Garantindo a albufeira de Ribeiradio um caudal permanente de cerca de 15 m3/s, deverá ser vista como factor de grande importância não só na melhoria das condições de exploração de indústrias já existentes, mas ainda para a montagem de novas indústrias.

Cabe nesta nota referir que é já considerável o valor industrial da região que margina a Ria de A veiro; só nos concelhos de Aveiro, ílhavo, Estarreja e Ovar o valor bruto da produção atinge cerca de 1 500 milhares de contos, num total e 20000 milhares no Continente (excluindo Lisboa e Porto).

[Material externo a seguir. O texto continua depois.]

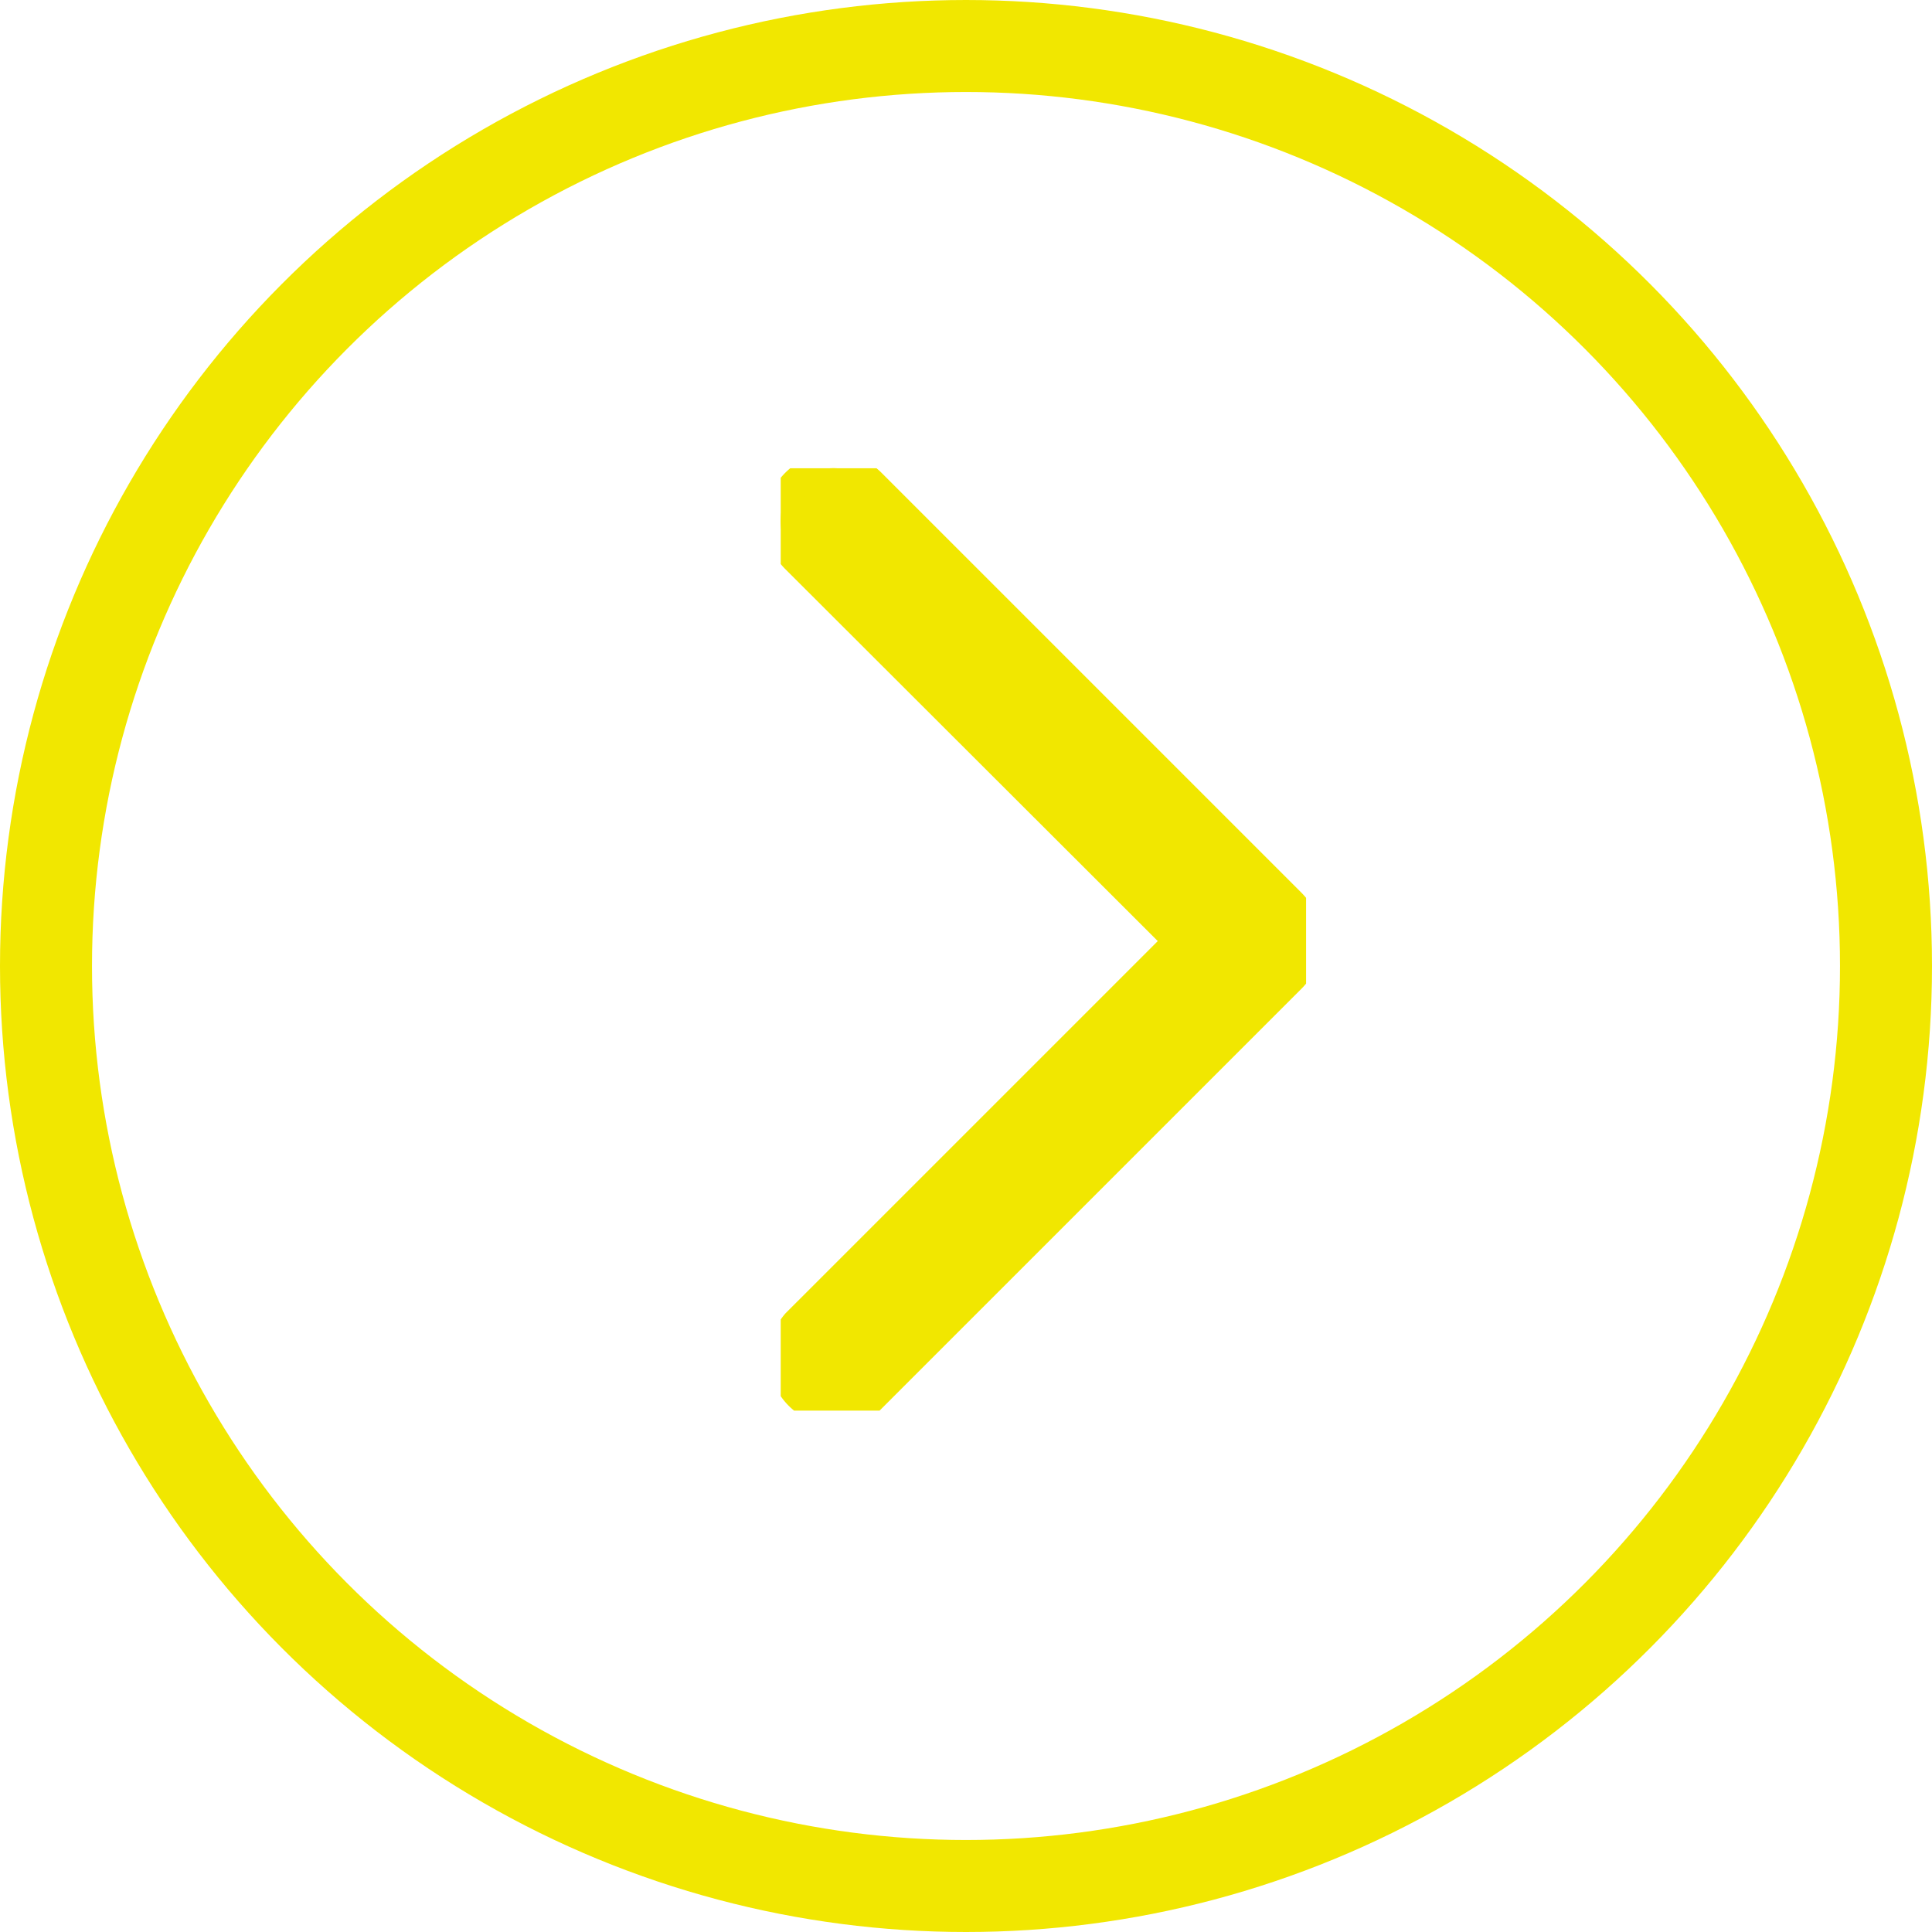 <svg xmlns="http://www.w3.org/2000/svg" xmlns:xlink="http://www.w3.org/1999/xlink" width="63" height="63" viewBox="0 0 63 63">
  <defs>
    <clipPath id="clip-path">
      <rect id="Rectangle_13774" data-name="Rectangle 13774" width="30.729" height="17.132" fill="#f1e700" stroke="#f1e700" stroke-width="1"/>
    </clipPath>
  </defs>
  <g id="Group_31470" data-name="Group 31470" transform="translate(-0.057)">
    <g id="Group_31388" data-name="Group 31388" transform="translate(42.647 15.269) rotate(90)">
      <g id="Group_28986" data-name="Group 28986" transform="translate(0 0)" clip-path="url(#clip-path)">
        <path id="Path_7019" data-name="Path 7019" d="M14.2.5a1.712,1.712,0,0,1,2.414,0l13.7,13.7A1.712,1.712,0,0,1,27.9,16.612L15.418,4.129,2.935,16.629A1.719,1.719,0,0,1,.5,14.2Z" transform="translate(0 0)" fill="#f1e700" stroke="#f1e700" stroke-width="1"/>
      </g>
    </g>
    <g id="Ellipse_120" data-name="Ellipse 120" transform="translate(0.057)" fill="none" stroke="#f1e700" stroke-width="3">
      <circle cx="31.5" cy="31.5" r="31.5" stroke="none"/>
      <circle cx="31.5" cy="31.5" r="30" fill="none"/>
    </g>
  </g>
</svg>

É portanto real e imediato, sob o ponto de vista industrial, o valor da garantia de elevado caudal de estiagem no Baixo Vouga, mesmo sem contar com o desenvolvimento que ele proporcionaria nas indústrias com base agro-pecuária. 

Diversos – Melhoria de ligações rodoviárias

Tanto no Paiva como no Vouga, as barragens previstas serviriam para melhorar as comunicações entre as duas margens. Parecem-nos contudo merecer especial referência: a de Alvarenga, que viria estabelecer a ligação da margem norte do Paiva com Arouca, possibilitando assim a saída pelo porto de Aveiro dos produtos da zona florestal da Serra de Montemuro; a de Portela que proporcionaria boa saída para a zona florestal da Serra de Leomil; a de Castro Daire que melhoraria grandemente o acesso a esta Vila; a de Ribeiradio que poderia vir a constituir uma alternativa para a velha ponte de Pessegueiro na passagem do Rio Vouga.

Situando-se as albufeiras em zonas essencialmente povoadas de florestas ocorre ainda perguntar se elas próprias não poderiam ser utilizadas para o transporte de parte dos produtos florestais e sua concentração junto das barragens, onde seriam recolhidos e eventualmente trabalhados.

Pesca fluvial – Turismo

O Rio Paiva e os seus afluentes possuem condições fisiográficas excepcionais para o habitat da truta (Salmo trutta fario, L) constituindo uma das bacias hidrográficas do nosso País onde este salmonídeo melhor se desenvolve. Além disso, nele entra a truta marisca (Salmo trutta, L) peixe migrador particularmente apreciado pelos adeptos da pesca desportiva e que muito valoriza as possibilidades haliênticas deste curso de água.

Aumento do tráfego no porto de Aveiro

O aumento da produção agro-pecuária, a instalação de novas indústrias, e, em suma, o desenvolvimento do «hinterland» do porto de Aveiro, a processarem-se como é de prever, traduzir-se-iam num aumento do tráfego nesse porto. Para tal daria sem dúvida apreciável contribuição o plano de aproveitamento agora apresentado, quer directamente, como no sector agro-pecuário e no das indústrias dependentes da permanência de água no rio, quer indirectamente, como por exemplo na eventual localização junto das barragens de indústrias à base de produtos florestais, conforme atrás sugerido».